The shoes were donated by family members of victims, as well as protesters and celebrities, including Alyssa Milano, Susan Sarandon and Bette Midler.
“Avaaz will bring the heartbreak of gun violence to Congress’ doorstep,” the organisation’s website reads.
“Guns kill over 1,300 American kids a year according to the CDC. The Parkland shooting was the 17th school shooting just this year.”
In February, 17 people were killed when shooter Nikolas Cruz opened fire at Marjory Stoneman Douglas High School in Parkland, Florida.
It was the deadliest US school shooting since Sandy Hook in 2012.
Tom Mauser, the father of a teenage boy killed in the Columbine school shooting in 1999, attended the visual protest outside the Capitol building on Tuesday.
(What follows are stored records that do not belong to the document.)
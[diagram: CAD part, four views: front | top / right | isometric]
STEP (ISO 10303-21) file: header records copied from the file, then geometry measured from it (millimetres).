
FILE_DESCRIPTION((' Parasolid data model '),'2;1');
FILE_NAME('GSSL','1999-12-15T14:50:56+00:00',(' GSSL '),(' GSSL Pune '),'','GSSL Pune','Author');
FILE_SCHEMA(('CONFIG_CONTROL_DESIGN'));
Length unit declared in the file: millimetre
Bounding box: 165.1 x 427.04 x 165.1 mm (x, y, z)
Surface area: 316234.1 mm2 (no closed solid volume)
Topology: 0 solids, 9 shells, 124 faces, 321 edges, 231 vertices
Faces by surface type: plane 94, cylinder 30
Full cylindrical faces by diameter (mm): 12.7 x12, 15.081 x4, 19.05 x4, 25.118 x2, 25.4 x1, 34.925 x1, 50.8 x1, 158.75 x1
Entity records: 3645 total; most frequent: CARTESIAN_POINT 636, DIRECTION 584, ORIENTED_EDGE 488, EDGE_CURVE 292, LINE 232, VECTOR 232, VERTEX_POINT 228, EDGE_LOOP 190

“I’ll be travelling to DC literally wearing my son Daniel’s shoes, the ones he wore the day he died at Columbine,” he told Avaaz ahead of the demonstration.
“I think this kind of event with shoes offers a very powerful metaphor both for how we miss the victims who once filled those shoes, and also for how we see ourselves wanting to walk in their place, seeking change, so that others don’t have to walk this painful journey.”
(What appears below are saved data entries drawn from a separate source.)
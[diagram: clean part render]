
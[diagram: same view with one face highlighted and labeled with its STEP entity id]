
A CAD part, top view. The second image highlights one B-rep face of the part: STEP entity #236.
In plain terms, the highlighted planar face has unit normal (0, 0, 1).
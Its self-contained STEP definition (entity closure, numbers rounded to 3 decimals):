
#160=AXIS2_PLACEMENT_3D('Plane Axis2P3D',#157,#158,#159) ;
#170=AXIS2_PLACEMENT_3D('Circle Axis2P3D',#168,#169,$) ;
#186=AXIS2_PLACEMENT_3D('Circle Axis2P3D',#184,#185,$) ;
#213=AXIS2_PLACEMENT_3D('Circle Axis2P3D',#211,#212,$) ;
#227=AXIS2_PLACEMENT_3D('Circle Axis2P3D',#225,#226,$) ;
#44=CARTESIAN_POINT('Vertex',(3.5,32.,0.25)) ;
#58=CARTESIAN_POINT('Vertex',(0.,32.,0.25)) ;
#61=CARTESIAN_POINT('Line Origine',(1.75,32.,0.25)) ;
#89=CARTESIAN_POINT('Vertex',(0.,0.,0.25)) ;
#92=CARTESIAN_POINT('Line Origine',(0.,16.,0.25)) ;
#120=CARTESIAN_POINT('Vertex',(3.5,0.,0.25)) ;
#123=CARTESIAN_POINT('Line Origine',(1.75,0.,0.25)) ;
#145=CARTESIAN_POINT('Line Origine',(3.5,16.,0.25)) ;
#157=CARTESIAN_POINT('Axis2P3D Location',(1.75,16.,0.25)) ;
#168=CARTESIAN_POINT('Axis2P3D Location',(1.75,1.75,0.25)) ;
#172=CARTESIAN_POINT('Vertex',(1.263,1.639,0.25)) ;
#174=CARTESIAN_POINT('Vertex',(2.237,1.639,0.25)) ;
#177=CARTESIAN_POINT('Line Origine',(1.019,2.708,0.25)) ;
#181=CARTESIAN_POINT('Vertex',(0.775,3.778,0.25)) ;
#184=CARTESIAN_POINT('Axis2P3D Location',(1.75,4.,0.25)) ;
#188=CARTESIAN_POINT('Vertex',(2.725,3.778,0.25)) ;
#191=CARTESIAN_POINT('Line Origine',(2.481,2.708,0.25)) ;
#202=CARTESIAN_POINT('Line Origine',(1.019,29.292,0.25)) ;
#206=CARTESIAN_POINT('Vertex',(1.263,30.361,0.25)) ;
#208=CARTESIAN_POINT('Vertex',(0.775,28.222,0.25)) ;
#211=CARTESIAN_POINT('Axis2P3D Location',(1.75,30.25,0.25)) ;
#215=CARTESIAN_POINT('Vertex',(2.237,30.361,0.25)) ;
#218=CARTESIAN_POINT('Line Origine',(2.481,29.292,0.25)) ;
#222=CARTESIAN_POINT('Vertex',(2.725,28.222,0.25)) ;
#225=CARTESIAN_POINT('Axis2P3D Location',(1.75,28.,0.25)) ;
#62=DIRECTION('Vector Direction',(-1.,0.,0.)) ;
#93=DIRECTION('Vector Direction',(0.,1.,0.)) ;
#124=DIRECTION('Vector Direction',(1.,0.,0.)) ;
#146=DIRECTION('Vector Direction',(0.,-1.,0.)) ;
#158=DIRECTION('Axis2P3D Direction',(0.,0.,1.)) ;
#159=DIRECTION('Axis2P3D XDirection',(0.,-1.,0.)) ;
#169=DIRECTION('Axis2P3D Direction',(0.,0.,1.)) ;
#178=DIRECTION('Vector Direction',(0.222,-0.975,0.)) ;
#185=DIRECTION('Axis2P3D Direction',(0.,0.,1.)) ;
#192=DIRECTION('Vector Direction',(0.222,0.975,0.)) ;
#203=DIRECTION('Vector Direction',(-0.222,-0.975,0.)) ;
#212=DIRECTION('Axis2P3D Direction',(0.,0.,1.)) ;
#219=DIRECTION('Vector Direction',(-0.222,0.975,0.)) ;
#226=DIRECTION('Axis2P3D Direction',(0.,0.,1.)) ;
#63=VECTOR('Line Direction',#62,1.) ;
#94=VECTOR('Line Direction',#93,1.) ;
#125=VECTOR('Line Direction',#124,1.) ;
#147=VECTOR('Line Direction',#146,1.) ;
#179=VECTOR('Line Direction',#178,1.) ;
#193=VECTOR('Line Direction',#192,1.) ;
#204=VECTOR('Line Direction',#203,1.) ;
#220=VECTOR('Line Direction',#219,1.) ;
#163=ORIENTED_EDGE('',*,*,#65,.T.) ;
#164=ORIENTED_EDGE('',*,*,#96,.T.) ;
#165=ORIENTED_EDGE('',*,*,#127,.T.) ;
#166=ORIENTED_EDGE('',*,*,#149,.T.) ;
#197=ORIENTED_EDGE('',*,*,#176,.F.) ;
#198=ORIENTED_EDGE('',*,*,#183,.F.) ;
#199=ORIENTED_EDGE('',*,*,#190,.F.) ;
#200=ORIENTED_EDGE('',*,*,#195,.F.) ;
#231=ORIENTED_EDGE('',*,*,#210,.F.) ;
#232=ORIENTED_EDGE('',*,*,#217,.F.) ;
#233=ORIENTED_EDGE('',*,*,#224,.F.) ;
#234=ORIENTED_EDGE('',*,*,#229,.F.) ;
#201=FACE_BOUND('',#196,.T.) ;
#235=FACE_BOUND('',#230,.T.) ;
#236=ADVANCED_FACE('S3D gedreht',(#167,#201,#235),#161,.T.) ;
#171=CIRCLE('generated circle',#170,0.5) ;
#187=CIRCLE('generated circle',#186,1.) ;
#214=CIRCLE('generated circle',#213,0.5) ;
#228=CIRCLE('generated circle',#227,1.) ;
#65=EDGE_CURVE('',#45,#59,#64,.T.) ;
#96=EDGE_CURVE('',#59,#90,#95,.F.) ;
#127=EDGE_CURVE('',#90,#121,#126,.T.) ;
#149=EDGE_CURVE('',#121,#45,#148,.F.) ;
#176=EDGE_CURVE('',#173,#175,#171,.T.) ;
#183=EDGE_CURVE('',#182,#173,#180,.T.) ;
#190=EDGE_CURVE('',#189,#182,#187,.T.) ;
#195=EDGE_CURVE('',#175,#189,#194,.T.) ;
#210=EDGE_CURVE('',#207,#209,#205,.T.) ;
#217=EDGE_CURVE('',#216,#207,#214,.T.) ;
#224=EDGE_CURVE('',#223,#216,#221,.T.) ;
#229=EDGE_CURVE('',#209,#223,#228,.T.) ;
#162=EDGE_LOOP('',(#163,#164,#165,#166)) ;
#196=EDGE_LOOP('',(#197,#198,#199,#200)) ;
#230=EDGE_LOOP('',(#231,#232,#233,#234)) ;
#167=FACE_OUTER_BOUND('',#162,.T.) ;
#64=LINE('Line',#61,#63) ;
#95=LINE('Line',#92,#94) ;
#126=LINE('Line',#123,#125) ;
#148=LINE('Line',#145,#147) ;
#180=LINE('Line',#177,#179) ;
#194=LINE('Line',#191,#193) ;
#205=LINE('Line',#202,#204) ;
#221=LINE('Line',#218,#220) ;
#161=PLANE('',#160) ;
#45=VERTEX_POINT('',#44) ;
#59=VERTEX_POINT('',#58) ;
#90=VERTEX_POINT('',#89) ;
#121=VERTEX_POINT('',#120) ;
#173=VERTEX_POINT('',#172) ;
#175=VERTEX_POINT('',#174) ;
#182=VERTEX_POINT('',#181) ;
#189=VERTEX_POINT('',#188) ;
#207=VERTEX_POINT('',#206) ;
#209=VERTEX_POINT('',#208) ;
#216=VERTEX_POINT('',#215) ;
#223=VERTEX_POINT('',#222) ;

Emma Ruby-Sachs, deputy director of Avaaz, said in a statement: “The culture on guns is shifting and we can all feel it.
“Students are walking out of their schools, survivors are marching in the streets, and parents are here on the Capitol to honour the children we’ve lost and make a clear demand: not one more gun death.”
In the wake of the Florida shooting in February, state governors signed a new school safety bill that will allow some school teachers to carry guns.
The legislation also raises the minimum age to buy rifles from 18 to 21 and bans bump stocks, devices which allow guns to mimic automatic fire.
Just hours after the legislation was passed, the National Rifle Association (NRA) announced plans to sue the state of Florida, claiming the new legislation “totally eviscerates the right of law-abiding citizens between the ages of 18 and 21 to keep and bear arms”.
The NRA claims the ban is “particularly offensive with respect to young women” as women are less likely to engage in violent crime than “older members of the general population who are unaffected by the ban”.
President Donald Trump vowed to take action to prevent gun crime at schools following the Parkland shooting, but later said there is “not much political support” for raising the minimum age to purchase certain guns, a measure he has previously backed.